- Task to complete:
Every line in the listing below from the one with "land cover: Grassland" through the one with "longitude: -0.0164" is to be reproduced exactly, both ends included; leave out the rest.

- Given data:
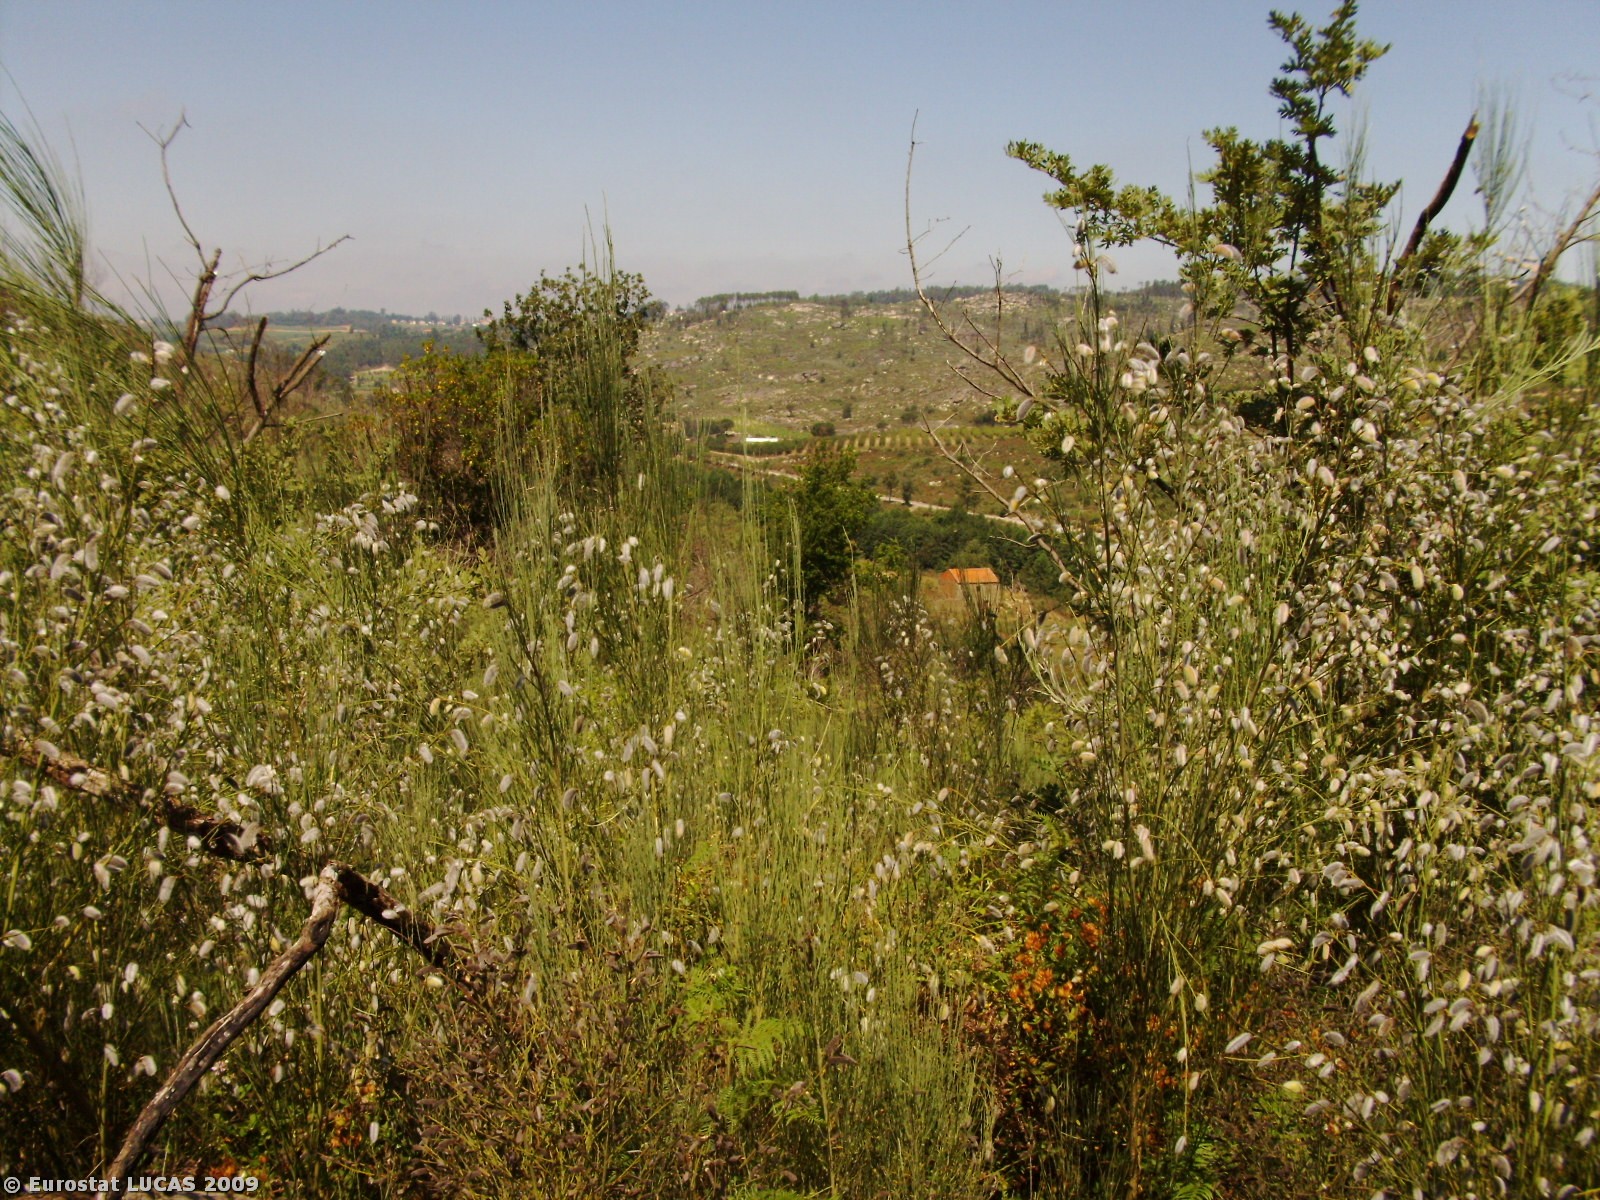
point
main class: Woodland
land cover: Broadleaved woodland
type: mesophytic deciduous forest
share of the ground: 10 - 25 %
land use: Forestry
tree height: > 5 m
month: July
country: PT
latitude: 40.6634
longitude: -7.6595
...
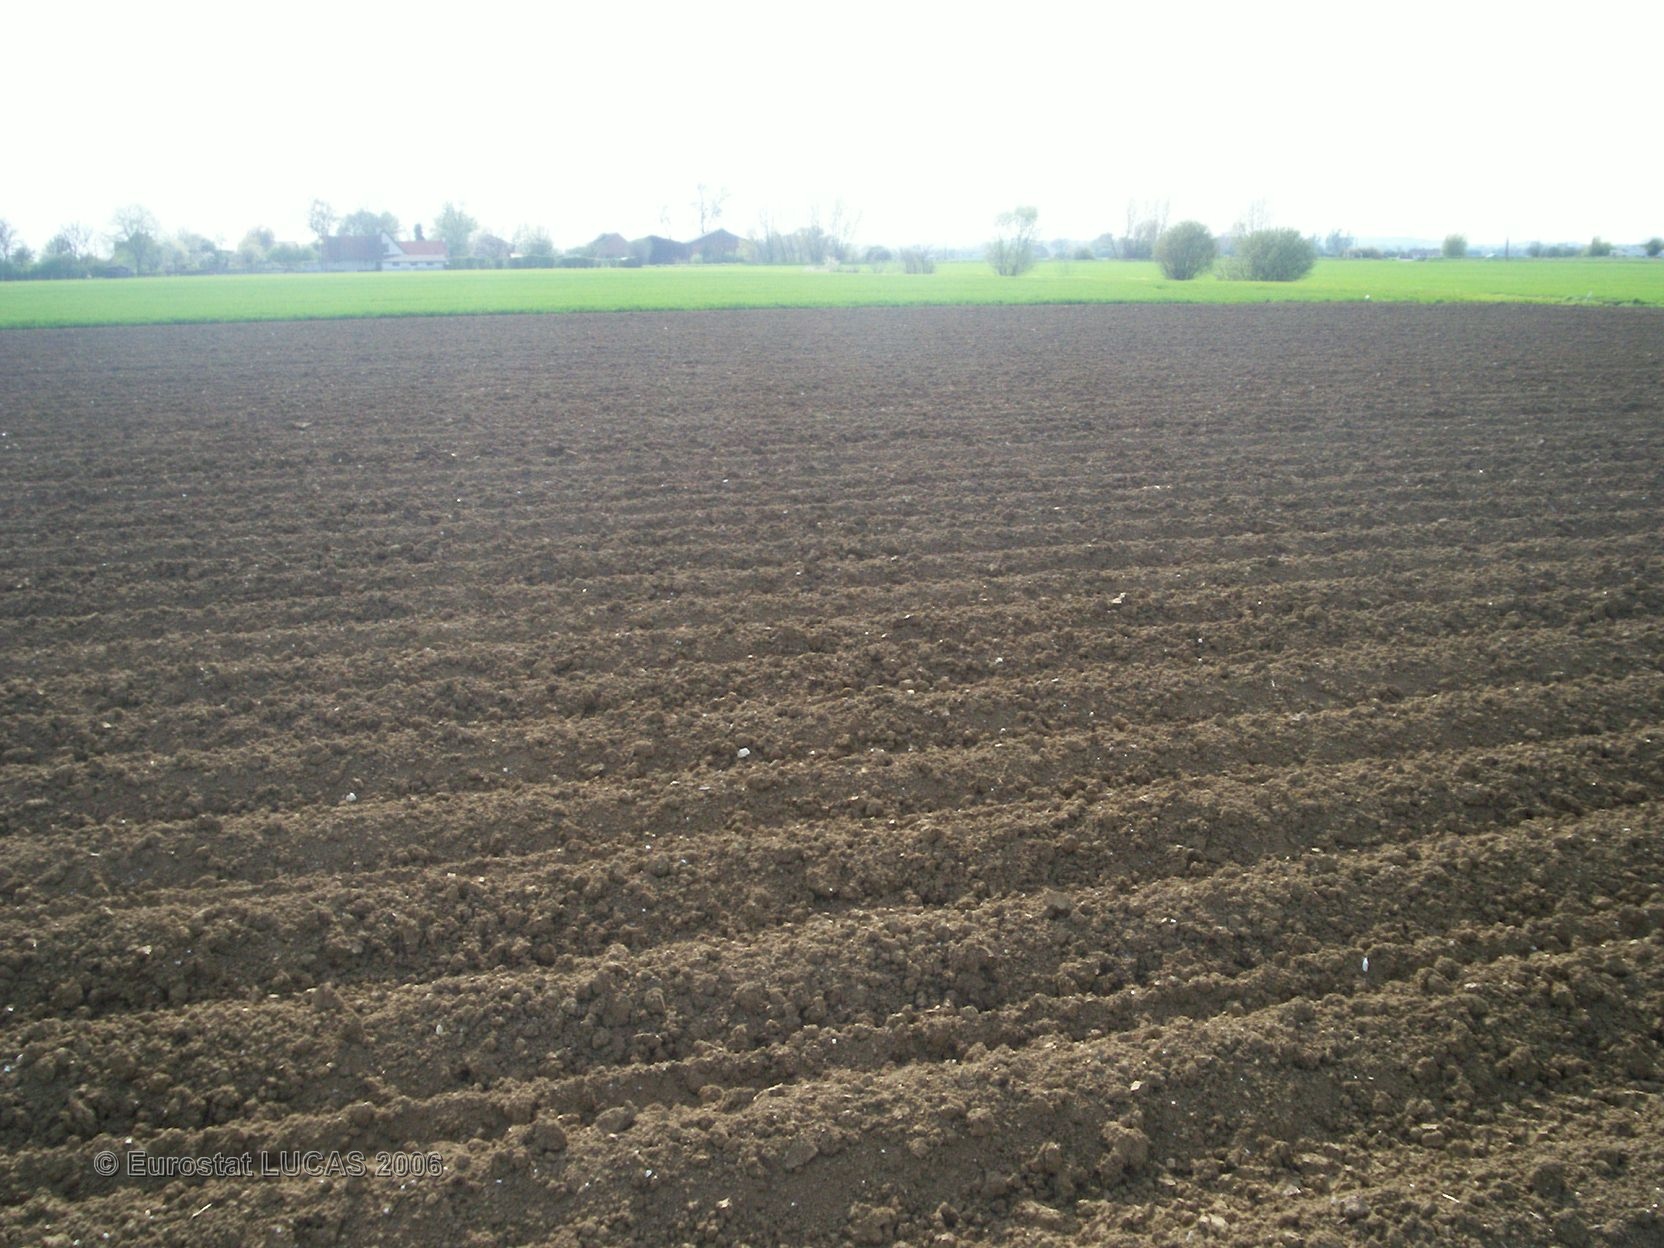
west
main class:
---
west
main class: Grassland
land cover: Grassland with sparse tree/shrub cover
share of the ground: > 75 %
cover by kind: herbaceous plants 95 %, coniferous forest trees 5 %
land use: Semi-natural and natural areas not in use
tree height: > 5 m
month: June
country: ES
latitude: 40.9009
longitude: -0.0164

- Written solution:
land cover: Grassland with sparse tree/shrub cover
share of the ground: > 75 %
cover by kind: herbaceous plants 95 %, coniferous forest trees 5 %
land use: Semi-natural and natural areas not in use
tree height: > 5 m
month: June
country: ES
latitude: 40.9009
longitude: -0.0164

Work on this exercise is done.